2020年04月03日
考える身体のつくり方(3)~「考える身体」は腸・血液から
◯腸と肌はひとつながりの臓器
前回のおさらいからですが、人の感覚といえば五感と思う人も多いですが、これは脳との関係が強いものに限定しています。現在の生理学では①特殊感覚②体性感覚③内臓感覚の3つに分類されていて、五感の内4つは特殊感覚に当たります。この五感はごく一部であり、特殊感覚でない感覚がたくさんあります。
その中でも体性感覚を統合している皮膚に着目していました。
人間の身体はよくちくわに例えられ、外側は肌で、内側は内臓とやや違うものの様に見えますが、大きく捉えれば内臓の表面も肌もどちらも皮膚なのです。

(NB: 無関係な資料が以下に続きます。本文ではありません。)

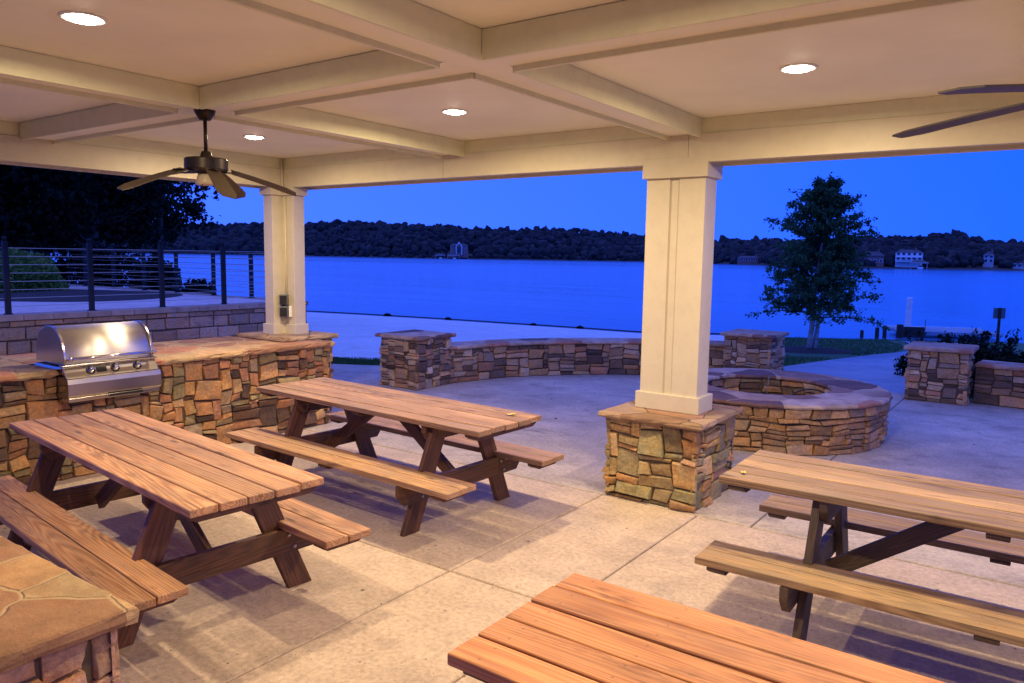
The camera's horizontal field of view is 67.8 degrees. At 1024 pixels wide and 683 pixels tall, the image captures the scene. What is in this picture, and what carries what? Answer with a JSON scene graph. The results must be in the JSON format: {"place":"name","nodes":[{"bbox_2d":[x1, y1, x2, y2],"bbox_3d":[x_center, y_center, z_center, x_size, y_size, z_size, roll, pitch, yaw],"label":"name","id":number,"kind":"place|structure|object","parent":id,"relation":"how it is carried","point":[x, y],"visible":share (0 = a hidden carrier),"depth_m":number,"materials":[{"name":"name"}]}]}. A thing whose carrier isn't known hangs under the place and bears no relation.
{"place":"outdoors","nodes":[
{"label":"outdoors","id":0,"kind":"place"},
{"bbox_2d":[0,286,264,313],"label":"patio","id":1,"kind":"structure","parent":0,"point":[26,307],"depth_m":12.29,"materials":[{"name":"concrete"}]},
{"bbox_2d":[0,289,182,301],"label":"mulch bed","id":2,"kind":"object","parent":1,"relation":"on","point":[80,295],"visible":0.65,"depth_m":13.82,"materials":[{"name":"brown soil"}]},
{"bbox_2d":[0,247,69,292],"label":"round bush","id":3,"kind":"object","parent":2,"relation":"on","point":[46,277],"visible":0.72,"depth_m":14.56,"materials":[{"name":"green plant"}]},
{"bbox_2d":[0,429,1023,682],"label":"pavilion floor","id":4,"kind":"structure","parent":0,"point":[384,601],"depth_m":4.29,"materials":[{"name":"concrete"}]},
{"bbox_2d":[0,536,139,682],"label":"stone ledge","id":5,"kind":"object","parent":4,"relation":"on","point":[59,624],"visible":1,"depth_m":2.50,"materials":[{"name":"brown stone"}]},
{"bbox_2d":[0,336,334,485],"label":"stone counter","id":6,"kind":"object","parent":4,"relation":"on","point":[207,388],"visible":0.64,"depth_m":7.08,"materials":[{"name":"brown stone"}]},
{"bbox_2d":[29,320,161,402],"bbox_3d":[-3.468,0.137,6.386,0.595,0.590,0.820,5,8,35],"label":"gas grill","id":7,"kind":"object","parent":6,"relation":"in","point":[86,362],"visible":1,"depth_m":6.19,"materials":[{"name":"metal"}]},
{"bbox_2d":[0,408,370,648],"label":"picnic table","id":8,"kind":"object","parent":4,"relation":"on","point":[172,475],"visible":0.96,"depth_m":3.97,"materials":[{"name":"brown wood"}]},
{"bbox_2d":[226,377,563,536],"bbox_3d":[-0.962,0.814,5.892,2.452,0.741,1.280,6,8,38],"label":"picnic table","id":9,"kind":"object","parent":4,"relation":"on","point":[431,425],"visible":0.98,"depth_m":5.62,"materials":[{"name":"beige wood"}]},
{"bbox_2d":[447,573,945,682],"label":"picnic table","id":10,"kind":"object","parent":4,"relation":"on","point":[575,628],"visible":1,"depth_m":2.18,"materials":[{"name":"orange wood"}]},
{"bbox_2d":[695,450,1023,646],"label":"picnic table","id":11,"kind":"object","parent":4,"relation":"on","point":[948,511],"visible":0.98,"depth_m":3.68,"materials":[{"name":"brown wood"}]},
{"bbox_2d":[306,312,723,359],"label":"shore","id":12,"kind":"structure","parent":0,"point":[356,337],"depth_m":26.78,"materials":[{"name":"grey concrete"}]},
{"bbox_2d":[306,310,719,333],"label":"shore kerb","id":13,"kind":"structure","parent":12,"relation":"on","point":[487,321],"depth_m":38.73,"materials":[{"name":"grey concrete"}]},
{"bbox_2d":[23,249,1023,270],"bbox_3d":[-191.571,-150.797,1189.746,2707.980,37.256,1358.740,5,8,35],"label":"hill","id":14,"kind":"structure","parent":0,"point":[995,267],"depth_m":723.13,"materials":[{"name":"green plant"}]},
{"bbox_2d":[450,242,467,256],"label":"lake house","id":15,"kind":"structure","parent":14,"relation":"on","point":[461,250],"depth_m":720.54,"materials":[{"name":"brick"}]},
{"bbox_2d":[8,219,1023,268],"bbox_3d":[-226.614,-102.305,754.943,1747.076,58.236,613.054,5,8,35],"label":"woods","id":16,"kind":"object","parent":14,"relation":"on","point":[380,238],"visible":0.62,"depth_m":782.14,"materials":[{"name":"green plant"}]},
{"bbox_2d":[737,254,757,264],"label":"lake house","id":17,"kind":"structure","parent":14,"relation":"on","point":[745,260],"depth_m":520.76,"materials":[{"name":"brick"}]},
{"bbox_2d":[864,249,884,266],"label":"lake house","id":18,"kind":"structure","parent":14,"relation":"on","point":[877,257],"depth_m":401.20,"materials":[{"name":"brick"}]},
{"bbox_2d":[895,248,922,267],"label":"lake house","id":19,"kind":"structure","parent":14,"relation":"on","point":[904,258],"depth_m":396.00,"materials":[{"name":"white paint"}]},
{"bbox_2d":[982,250,994,267],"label":"lake house","id":20,"kind":"structure","parent":14,"relation":"on","point":[988,257],"depth_m":394.01,"materials":[{"name":"brick"}]},
{"bbox_2d":[1012,260,1023,268],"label":"lake house","id":21,"kind":"structure","parent":14,"relation":"on","point":[1018,265],"depth_m":387.68,"materials":[{"name":"brick"}]},
{"bbox_2d":[30,252,1023,342],"bbox_3d":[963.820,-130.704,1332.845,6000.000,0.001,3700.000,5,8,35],"label":"lake","id":22,"kind":"structure","parent":0,"point":[600,294],"depth_m":72.88,"materials":[{"name":"blue liquid"}]},
{"bbox_2d":[447,254,459,258],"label":"boat shelter","id":23,"kind":"object","parent":22,"relation":"in","point":[453,255],"visible":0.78,"depth_m":701.58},
{"bbox_2d":[860,330,863,337],"bbox_3d":[15.482,-0.026,33.780,0.150,0.960,0.146,5,8,35],"label":"dock post","id":24,"kind":"object","parent":22,"relation":"in","point":[861,333],"visible":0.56,"depth_m":33.69,"materials":[{"name":"brown wood"}]},
{"bbox_2d":[875,327,878,338],"bbox_3d":[16.055,-0.076,33.572,0.170,1.100,0.166,5,8,35],"label":"dock post","id":25,"kind":"object","parent":22,"relation":"in","point":[876,332],"visible":0.56,"depth_m":33.47,"materials":[{"name":"brown wood"}]},
{"bbox_2d":[882,325,886,337],"bbox_3d":[16.486,-0.100,33.770,0.170,1.220,0.166,5,8,35],"label":"dock post","id":26,"kind":"object","parent":22,"relation":"in","point":[884,334],"visible":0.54,"depth_m":33.67,"materials":[{"name":"brown wood"}]},
{"bbox_2d":[896,324,903,337],"bbox_3d":[17.256,-0.074,33.972,0.280,1.380,0.273,5,8,35],"label":"dock post","id":27,"kind":"object","parent":22,"relation":"in","point":[899,330],"visible":0.56,"depth_m":33.83,"materials":[{"name":"brown wood"}]},
{"bbox_2d":[910,260,928,268],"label":"boat shelter","id":28,"kind":"object","parent":22,"relation":"in","point":[919,261],"visible":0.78,"depth_m":382.38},
{"bbox_2d":[886,325,1002,337],"bbox_3d":[19.780,0.008,35.155,4.184,1.480,2.540,2,7,11],"label":"boat dock","id":29,"kind":"object","parent":22,"relation":"in","point":[930,330],"visible":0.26,"depth_m":34.25,"materials":[{"name":"wood"}]},
{"bbox_2d":[905,297,912,326],"bbox_3d":[18.341,-1.317,35.240,0.260,1.450,0.260,5,8,35],"label":"white post","id":30,"kind":"object","parent":29,"relation":"on","point":[909,304],"visible":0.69,"depth_m":35.14,"materials":[{"name":"paint"}]},
{"bbox_2d":[152,149,1023,241],"label":"sky","id":31,"kind":"structure","parent":0,"point":[976,194],"materials":[{"name":"blue"}]},
{"bbox_2d":[303,364,1023,587],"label":"patio","id":32,"kind":"structure","parent":0,"point":[932,439],"depth_m":7.72,"materials":[{"name":"concrete"}]},
{"bbox_2d":[236,331,338,412],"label":"stone pier","id":33,"kind":"structure","parent":32,"relation":"on","point":[286,338],"depth_m":8.45,"materials":[{"name":"brown stone"}]},
{"bbox_2d":[374,329,455,390],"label":"stone pillar","id":34,"kind":"structure","parent":32,"relation":"on","point":[414,359],"depth_m":10.65,"materials":[{"name":"brown stone"}]},
{"bbox_2d":[448,338,724,383],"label":"seat wall","id":35,"kind":"structure","parent":32,"relation":"on","point":[483,359],"depth_m":11.92,"materials":[{"name":"stone"}]},
{"bbox_2d":[598,400,743,512],"bbox_3d":[1.261,0.866,6.060,0.856,0.670,0.897,5,8,35],"label":"stone pedestal","id":36,"kind":"object","parent":32,"relation":"on","point":[676,461],"visible":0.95,"depth_m":5.76,"materials":[{"name":"brown stone"}]},
{"bbox_2d":[0,0,1023,414],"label":"pavilion","id":37,"kind":"structure","parent":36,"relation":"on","point":[680,104],"depth_m":4.62,"materials":[{"name":"paint"}]},
{"bbox_2d":[58,11,107,25],"bbox_3d":[-1.905,-1.429,3.389,0.198,0.021,0.198,5,8,35],"label":"recessed light","id":38,"kind":"object","parent":37,"relation":"attached to","point":[84,18],"visible":1,"depth_m":3.36,"materials":[{"name":"white glass"}]},
{"bbox_2d":[117,108,295,211],"bbox_3d":[-2.035,-1.176,4.978,1.096,0.660,1.056,5,8,35],"label":"ceiling fan","id":39,"kind":"object","parent":37,"relation":"hanging from","point":[207,168],"visible":1,"depth_m":4.92,"materials":[{"name":"brown metal"}]},
{"bbox_2d":[243,135,265,139],"bbox_3d":[-2.301,-1.817,6.806,0.198,0.021,0.198,5,8,35],"label":"recessed light","id":40,"kind":"object","parent":37,"relation":"attached to","point":[255,137],"visible":1,"depth_m":6.76,"materials":[{"name":"white glass"}]},
{"bbox_2d":[280,158,287,305],"bbox_3d":[-2.521,-1.200,8.419,0.053,1.614,0.034,1,6,2],"label":"conduit","id":41,"kind":"object","parent":37,"relation":"attached to","point":[281,167],"visible":1,"depth_m":8.41,"materials":[{"name":"metal"}]},
{"bbox_2d":[279,294,288,304],"bbox_3d":[-2.531,-0.467,8.454,0.090,0.110,0.097,0,6,-9],"label":"outlet box","id":42,"kind":"object","parent":37,"relation":"attached to","point":[283,298],"visible":1,"depth_m":8.41,"materials":[{"name":"black metal"}]},
{"bbox_2d":[279,306,291,316],"bbox_3d":[-2.513,-0.333,8.470,0.130,0.120,0.102,0,6,-9],"label":"outlet box","id":43,"kind":"object","parent":37,"relation":"attached to","point":[285,311],"visible":1,"depth_m":8.43,"materials":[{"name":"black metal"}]},
{"bbox_2d":[441,109,468,114],"bbox_3d":[-0.410,-1.637,5.457,0.198,0.021,0.198,5,8,35],"label":"recessed light","id":44,"kind":"object","parent":37,"relation":"attached to","point":[454,111],"visible":1,"depth_m":5.42,"materials":[{"name":"white glass"}]},
{"bbox_2d":[779,63,817,72],"bbox_3d":[1.530,-1.452,4.072,0.198,0.021,0.198,5,8,35],"label":"recessed light","id":45,"kind":"object","parent":37,"relation":"attached to","point":[799,68],"visible":1,"depth_m":4.04,"materials":[{"name":"white glass"}]},
{"bbox_2d":[892,84,1023,137],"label":"ceiling fan","id":46,"kind":"object","parent":37,"relation":"hanging from","point":[966,119],"visible":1,"depth_m":2.56,"materials":[{"name":"brown wood"}]},
{"bbox_2d":[720,329,789,369],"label":"stone pillar","id":47,"kind":"structure","parent":32,"relation":"on","point":[755,349],"depth_m":11.39,"materials":[{"name":"brown stone"}]},
{"bbox_2d":[707,368,892,455],"bbox_3d":[2.814,0.711,8.443,2.490,0.496,2.498,5,8,35],"label":"fire pit","id":48,"kind":"object","parent":32,"relation":"on","point":[840,415],"visible":0.71,"depth_m":7.41,"materials":[{"name":"stone"}]},
{"bbox_2d":[751,388,824,394],"bbox_3d":[2.894,0.693,8.433,1.281,0.337,1.016,2,6,7],"label":"fire grate","id":49,"kind":"object","parent":48,"relation":"in","point":[794,392],"visible":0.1,"depth_m":8.49,"materials":[{"name":"metal"}]},
{"bbox_2d":[903,341,978,405],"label":"stone pillar","id":50,"kind":"structure","parent":32,"relation":"on","point":[937,372],"depth_m":10.12,"materials":[{"name":"brown stone"}]},
{"bbox_2d":[973,360,1023,408],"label":"seat wall","id":51,"kind":"structure","parent":32,"relation":"on","point":[999,383],"depth_m":9.95,"materials":[{"name":"stone"}]},
{"bbox_2d":[331,337,1023,400],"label":"lawn","id":52,"kind":"structure","parent":0,"point":[1020,346],"depth_m":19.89,"materials":[{"name":"green plant"}]},
{"bbox_2d":[0,164,150,254],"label":"dark tree","id":53,"kind":"object","parent":52,"relation":"on","point":[8,229],"visible":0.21,"depth_m":19.46,"materials":[{"name":"green plant"}]},
{"bbox_2d":[0,204,164,279],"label":"dark tree","id":54,"kind":"object","parent":52,"relation":"on","point":[47,252],"visible":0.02,"depth_m":26.12,"materials":[{"name":"green plant"}]},
{"bbox_2d":[52,242,121,286],"bbox_3d":[-11.519,-1.895,20.477,2.440,1.624,1.800,5,8,35],"label":"dark shrub","id":55,"kind":"object","parent":52,"relation":"on","point":[79,267],"visible":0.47,"depth_m":20.03,"materials":[{"name":"green plant"}]},
{"bbox_2d":[0,164,219,277],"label":"dark tree","id":56,"kind":"object","parent":52,"relation":"on","point":[156,190],"visible":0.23,"depth_m":20.95,"materials":[{"name":"green plant"}]},
{"bbox_2d":[93,241,147,287],"bbox_3d":[-10.891,-1.921,20.882,2.069,1.684,1.883,5,8,35],"label":"dark shrub","id":57,"kind":"object","parent":52,"relation":"on","point":[128,261],"visible":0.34,"depth_m":20.60,"materials":[{"name":"green plant"}]},
{"bbox_2d":[0,284,307,355],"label":"retaining wall","id":58,"kind":"structure","parent":52,"relation":"on","point":[19,332],"depth_m":11.46,"materials":[{"name":"grey stone"}]},
{"bbox_2d":[0,236,264,314],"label":"cable fence","id":59,"kind":"object","parent":58,"relation":"on","point":[6,281],"visible":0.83,"depth_m":10.68,"materials":[{"name":"black metal"}]},
{"bbox_2d":[66,244,264,297],"bbox_3d":[-7.300,-1.533,15.921,8.472,0.980,0.199,6,8,36],"label":"cable fence","id":60,"kind":"object","parent":58,"relation":"on","point":[213,268],"visible":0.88,"depth_m":15.62,"materials":[{"name":"black metal"}]},
{"bbox_2d":[127,254,184,291],"bbox_3d":[-9.076,-1.662,19.414,1.330,1.133,1.381,5,8,35],"label":"dark shrub","id":61,"kind":"object","parent":52,"relation":"on","point":[168,268],"visible":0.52,"depth_m":19.18,"materials":[{"name":"green plant"}]},
{"bbox_2d":[99,183,220,255],"bbox_3d":[-11.569,-3.735,24.857,4.876,6.826,5.184,5,8,35],"label":"dark tree","id":62,"kind":"object","parent":52,"relation":"on","point":[192,211],"visible":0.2,"depth_m":24.73,"materials":[{"name":"green plant"}]},
{"bbox_2d":[179,279,216,294],"bbox_3d":[-6.679,-1.128,16.224,0.810,0.488,0.668,5,8,35],"label":"plant","id":63,"kind":"object","parent":52,"relation":"on","point":[204,289],"visible":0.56,"depth_m":16.12,"materials":[{"name":"green plant"}]},
{"bbox_2d":[784,346,857,353],"bbox_3d":[7.582,0.224,19.254,2.177,0.108,2.099,5,8,35],"label":"mulch ring","id":64,"kind":"object","parent":52,"relation":"on","point":[803,349],"visible":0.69,"depth_m":18.97,"materials":[{"name":"brown soil"}]},
{"bbox_2d":[745,172,890,347],"bbox_3d":[7.624,-1.953,19.140,3.219,4.463,2.994,0,6,-10],"label":"leafy tree","id":65,"kind":"object","parent":64,"relation":"on","point":[826,201],"visible":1,"depth_m":18.71,"materials":[{"name":"green plant"}]},
{"bbox_2d":[893,328,1014,375],"bbox_3d":[7.138,0.254,12.328,1.766,0.922,1.153,5,8,35],"label":"evergreen shrub","id":66,"kind":"object","parent":52,"relation":"on","point":[947,338],"visible":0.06,"depth_m":12.45,"materials":[{"name":"green plant"}]},
{"bbox_2d":[955,323,1023,395],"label":"evergreen shrub","id":67,"kind":"object","parent":52,"relation":"on","point":[984,351],"visible":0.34,"depth_m":10.89,"materials":[{"name":"green plant"}]},
{"bbox_2d":[993,308,1005,346],"bbox_3d":[16.643,-0.355,26.097,0.380,1.600,0.058,2,6,11],"label":"sign board","id":68,"kind":"object","parent":52,"relation":"on","point":[999,314],"visible":0.79,"depth_m":26.05,"materials":[{"name":"metal"}]},
{"bbox_2d":[783,341,957,393],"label":"path","id":69,"kind":"structure","parent":0,"point":[878,369],"depth_m":13.63,"materials":[{"name":"concrete"}]}
]}

今回はその中でも最後の感覚「内臓感覚」を統合しているといわれている腸に着目しましょう。
◯腸はどんな仕事をしているの?
腸が食べ物を消化しているのは皆さんご存じだと思いますが、そもそも腸は進化上いつできたのでしょう。
歴史を紐解いていくと、動物進化の系統樹においては、最も原始的な動物として腔腸動物(ヒドラ、イソ)がおり、これをルーツとして二つの幹に分かれ、一方の最先端に昆虫が、他方の最先端に哺乳類がいます。実は腸は最初の臓器なのです。

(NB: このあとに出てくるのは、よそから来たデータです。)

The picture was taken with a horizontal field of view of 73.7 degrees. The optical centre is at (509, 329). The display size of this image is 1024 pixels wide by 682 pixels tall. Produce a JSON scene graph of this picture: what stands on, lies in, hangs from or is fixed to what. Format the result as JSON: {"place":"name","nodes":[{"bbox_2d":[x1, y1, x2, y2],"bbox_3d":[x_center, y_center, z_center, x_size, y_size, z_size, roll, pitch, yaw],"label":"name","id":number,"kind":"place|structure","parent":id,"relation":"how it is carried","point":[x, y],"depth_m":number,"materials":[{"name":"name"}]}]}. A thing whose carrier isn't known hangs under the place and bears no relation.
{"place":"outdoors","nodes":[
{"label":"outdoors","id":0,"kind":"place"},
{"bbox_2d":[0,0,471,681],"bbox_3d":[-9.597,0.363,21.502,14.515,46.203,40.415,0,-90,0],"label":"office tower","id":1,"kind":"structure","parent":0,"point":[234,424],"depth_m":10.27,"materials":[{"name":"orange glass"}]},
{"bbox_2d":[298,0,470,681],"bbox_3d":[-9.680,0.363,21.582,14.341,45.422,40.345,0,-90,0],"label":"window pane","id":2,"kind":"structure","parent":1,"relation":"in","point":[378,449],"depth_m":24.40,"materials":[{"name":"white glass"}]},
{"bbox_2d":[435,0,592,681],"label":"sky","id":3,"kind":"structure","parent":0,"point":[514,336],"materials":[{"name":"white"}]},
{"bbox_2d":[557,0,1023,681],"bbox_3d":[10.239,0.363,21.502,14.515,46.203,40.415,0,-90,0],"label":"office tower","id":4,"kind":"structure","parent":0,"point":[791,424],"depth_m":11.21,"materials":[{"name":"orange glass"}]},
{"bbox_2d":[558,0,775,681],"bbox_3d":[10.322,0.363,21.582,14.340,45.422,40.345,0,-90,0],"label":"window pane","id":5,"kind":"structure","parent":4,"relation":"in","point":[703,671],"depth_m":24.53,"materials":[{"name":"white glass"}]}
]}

最初に出来た原始的な臓器「腸」だけのヒドラの体には血液が流れていました。これは腸が血液を作っていたからです。人間の腸の上皮の細胞も、上皮の下の神経も、ヒドラの時代と大して変わらない姿で働いています。人間も腸で造血しているという説(千島学説)があります。
骨髄で造血しているというより全然説得力がありますね。
〇腸がなぜ第二の脳と言われているのか
「脳腸相関」というものがあります。
簡略化すると、脳から腸へも腸から脳へも迷走神経を通じて信号を伝達しているため、精神疾患によって下痢になったり、腸内フローラが崩れたことによって情緒不安定になったりするという事です。

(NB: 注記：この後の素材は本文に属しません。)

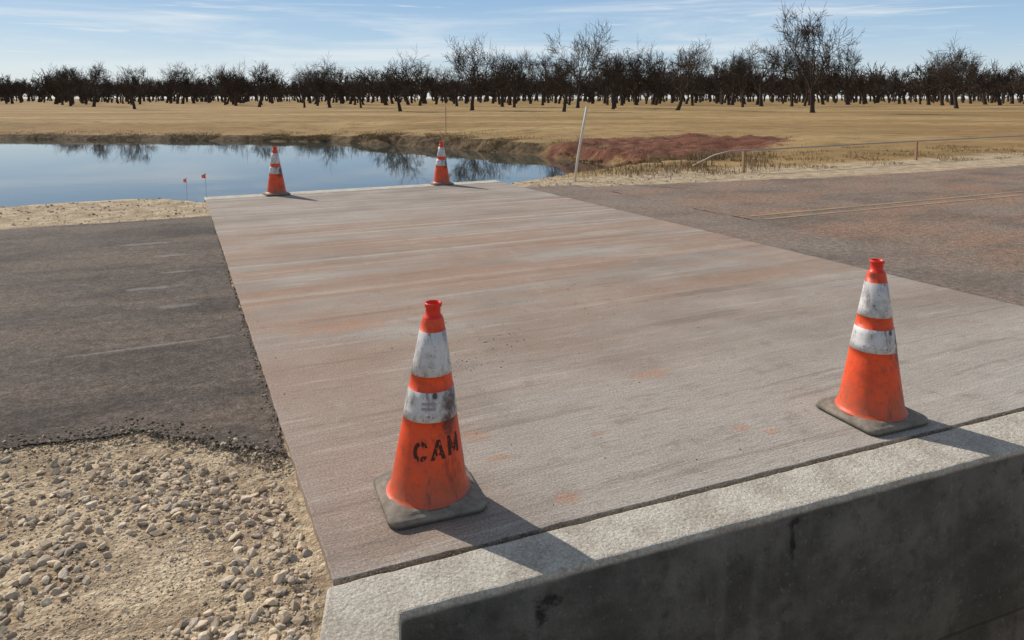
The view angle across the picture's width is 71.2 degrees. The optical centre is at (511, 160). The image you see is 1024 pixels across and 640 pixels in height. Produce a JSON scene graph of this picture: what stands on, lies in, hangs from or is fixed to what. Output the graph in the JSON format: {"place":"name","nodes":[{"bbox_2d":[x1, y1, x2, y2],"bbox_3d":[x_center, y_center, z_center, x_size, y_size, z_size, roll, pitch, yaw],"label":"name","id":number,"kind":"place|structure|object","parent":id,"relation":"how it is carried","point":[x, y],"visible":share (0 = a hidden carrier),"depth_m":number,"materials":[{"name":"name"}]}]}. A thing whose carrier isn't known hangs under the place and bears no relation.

特に脳を駆動させる「駆動物質(情報伝達物質)」は腸で作られています。
例えば幸せホルモンといわれている「セロトニン」は90%が腸で作られます。腸内のセロトニン濃度がある閾値を超える迷走神経を通じて脳に指令が行きます。
つまり、腸の状態によって脳の活性度・反応が決まってきます。
また、それは腸自身の機能だけではなく腸内細菌の役割が大きいとも言われています。
〇血流量が高くなれば、脳は活性化する。
集中力と脳血流量の関係を調べた実験があり、
下図のように集中力が必要な作業中には脳血流量が増加しています。
集中と血流量に大きな関係があることが分かります。
例えばタバコを吸うと目が覚めるといった経験がある人も多いと思います。それはタバコに含まれているニコチンやタールによって血管が収縮することで、ホースをつまんだような状況となり、勢いよく脳全体に血液が巡り、目が覚めるような感覚になります。
脳を活性化させるには、脳全体に新鮮な血液を巡らせることが重要です。例えば屈伸や散歩など運動をしる事で、足のふくらはぎがポンプのような働きをし、脳内に血液を巡らせます。また、話したり、笑ったりすると横隔膜の運動により血流を高める事が出来ます。
つまり、血流を高める身体が作る事が出来れば、脳が活性化するのです。